Some 2% of the population are 'supertaskers' - able to do several things at once with no effect on quality (Credit: iStock)

And if you are a supertasker then you don’t have the same problems the rest of us do. Just over 2% of people are brilliant at multi-tasking and suffer no drop in performance. This special group was discovered quite by accident by psychologists at the University of Utah. David Strayer and Jason Watson were investigating why talking on a mobile phone in a car is so much more dangerous than chatting to a passenger who’s in the car with you (the reason is that the passengers naturally cease the conversation whenever things are tricky).

They spotted what they thought must be a mistake in their data – one person who was just as good at driving, whatever the distractions. They rechecked the data and then realised that this individual wasn’t alone. Two people in every hundred are supertaskers, able to divide their concentration effortlessly without their performance suffering.

The intriguing thing about multi-tasking is that although it can increase your cognitive load, many of us still can’t resist working in this way

The problem is that most of us aren’t very good at knowing whether or not we fit into this group. The same psychologists found that the better people believed they were at multi-tasking, the worse they performed on a test which required them to memorise a list of words while also doing maths problem.

But even if you’re not a supertasker, multi-tasking by surfing the web at the same time as answering emails, playing computer games, or listening to music could bring another benefit. Kelvin Lui and Alan Wong from the Chinese University of Hong Kong gave participants a computer task which involved searching for visual information while also responding to certain sounds which could help them with the search. They found people who regularly used three or more different media at a time were better at integrating the information that came in through their ears and their eyes. Since real life involves a lot of integration of different senses this could be a good skill to have.

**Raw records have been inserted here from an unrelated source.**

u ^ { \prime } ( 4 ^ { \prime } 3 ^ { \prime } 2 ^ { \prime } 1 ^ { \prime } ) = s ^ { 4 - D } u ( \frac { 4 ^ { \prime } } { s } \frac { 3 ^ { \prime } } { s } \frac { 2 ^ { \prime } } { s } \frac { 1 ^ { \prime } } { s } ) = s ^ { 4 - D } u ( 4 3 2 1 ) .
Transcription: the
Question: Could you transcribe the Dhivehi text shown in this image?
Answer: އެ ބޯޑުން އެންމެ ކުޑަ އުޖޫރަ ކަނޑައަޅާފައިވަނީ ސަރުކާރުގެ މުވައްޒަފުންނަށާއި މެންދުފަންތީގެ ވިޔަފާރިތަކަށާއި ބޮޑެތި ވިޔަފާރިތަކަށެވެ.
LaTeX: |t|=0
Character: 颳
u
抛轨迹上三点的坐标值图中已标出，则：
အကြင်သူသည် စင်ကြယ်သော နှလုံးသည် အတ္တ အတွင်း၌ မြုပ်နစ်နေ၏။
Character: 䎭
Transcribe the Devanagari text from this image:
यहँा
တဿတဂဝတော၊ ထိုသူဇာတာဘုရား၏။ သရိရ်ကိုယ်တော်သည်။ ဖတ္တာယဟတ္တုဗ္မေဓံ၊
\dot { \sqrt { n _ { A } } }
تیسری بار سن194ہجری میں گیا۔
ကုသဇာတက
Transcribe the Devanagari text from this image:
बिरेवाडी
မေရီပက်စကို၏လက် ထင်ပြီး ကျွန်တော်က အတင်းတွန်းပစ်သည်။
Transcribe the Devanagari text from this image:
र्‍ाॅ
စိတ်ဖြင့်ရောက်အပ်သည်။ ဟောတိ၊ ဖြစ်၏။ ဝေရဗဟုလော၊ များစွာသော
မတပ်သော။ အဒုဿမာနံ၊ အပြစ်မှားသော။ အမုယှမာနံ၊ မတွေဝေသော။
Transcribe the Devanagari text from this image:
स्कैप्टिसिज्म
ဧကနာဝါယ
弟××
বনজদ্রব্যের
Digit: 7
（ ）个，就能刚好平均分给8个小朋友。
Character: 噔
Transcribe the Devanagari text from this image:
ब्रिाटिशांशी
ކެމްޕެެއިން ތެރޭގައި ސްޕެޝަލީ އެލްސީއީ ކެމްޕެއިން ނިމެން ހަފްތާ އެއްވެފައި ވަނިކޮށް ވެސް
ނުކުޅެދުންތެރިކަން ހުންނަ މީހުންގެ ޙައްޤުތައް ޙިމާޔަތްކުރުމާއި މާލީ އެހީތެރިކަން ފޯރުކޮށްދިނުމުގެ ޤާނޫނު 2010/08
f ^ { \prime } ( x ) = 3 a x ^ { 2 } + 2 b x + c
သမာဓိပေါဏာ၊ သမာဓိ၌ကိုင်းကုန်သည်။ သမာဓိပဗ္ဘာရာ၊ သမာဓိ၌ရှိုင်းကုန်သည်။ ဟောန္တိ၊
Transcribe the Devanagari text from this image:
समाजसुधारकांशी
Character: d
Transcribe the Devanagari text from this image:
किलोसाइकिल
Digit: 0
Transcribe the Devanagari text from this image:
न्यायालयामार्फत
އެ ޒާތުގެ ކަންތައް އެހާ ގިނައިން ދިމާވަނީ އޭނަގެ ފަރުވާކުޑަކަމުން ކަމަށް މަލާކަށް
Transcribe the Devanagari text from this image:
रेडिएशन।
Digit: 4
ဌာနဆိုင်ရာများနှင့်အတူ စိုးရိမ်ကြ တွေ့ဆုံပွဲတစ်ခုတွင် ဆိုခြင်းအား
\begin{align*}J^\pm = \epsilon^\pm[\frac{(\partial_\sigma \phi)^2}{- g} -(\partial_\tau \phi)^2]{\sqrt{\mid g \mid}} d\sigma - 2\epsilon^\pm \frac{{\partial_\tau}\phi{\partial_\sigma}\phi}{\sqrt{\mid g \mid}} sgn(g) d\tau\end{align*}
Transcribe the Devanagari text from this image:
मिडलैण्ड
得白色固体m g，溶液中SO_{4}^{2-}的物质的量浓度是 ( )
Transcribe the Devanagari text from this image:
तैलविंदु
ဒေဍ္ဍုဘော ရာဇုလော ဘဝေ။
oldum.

There are other studies which show that people who use lots of different media at once might have worse working memories, but with these and the Hong Kong study there is always the same problem. Which came first? The skills needed to integrate information and the worse working memory, or the multi-tasking? It’s impossible to randomise someone to many years spent using certain kinds of media. So they’re always self-selecting.

Breaking off to look at our email or phone but not be effective, but it might make tasks more enjoyable (Credit: Getty Images)

Breaking off to look at our email or phone but not be effective, but it might make tasks more enjoyable (Credit: Getty Images)

The intriguing thing about multi-tasking is that although it can increase your cognitive load many of us still can’t resist working in this way. When I began writing this article this morning I decided to count how often I chose to check my email or look at some irrelevant site. When I got to 20 I stopped counting. So why do we like it? It seems even if it’s not the most efficient way to work, it feels less of an effort. It certainly can keep us entertained while we work if we do things other than concentrate on the task in hand.

So multi-tasking may have its downsides, but it isn’t always bad. There are certain circumstances under which we are better at multi-tasking – when we feel relaxed and when we’ve been doing a mentally creative exercise which encourages us to think broadly. (In this study it involved thinking of as many uses as possible for a paper clip, a newspaper, some wool and some upholstery foam.) After this kind of activity people became better at multi-tasking. When the experimenters deliberately made them feel stressed, they were worse at it.

One final word on this topic – with all today’s talk of work-life balance and 24 hour schedules, it is worth remembering that the multi-tasking and the pressures of time are not confined to modern life. In 1887, Nietzsche himself described a feeling that seems familiar now: “One thinks with a watch in one's hand even as one eats one's midday meal while reading the latest news of the stock market.”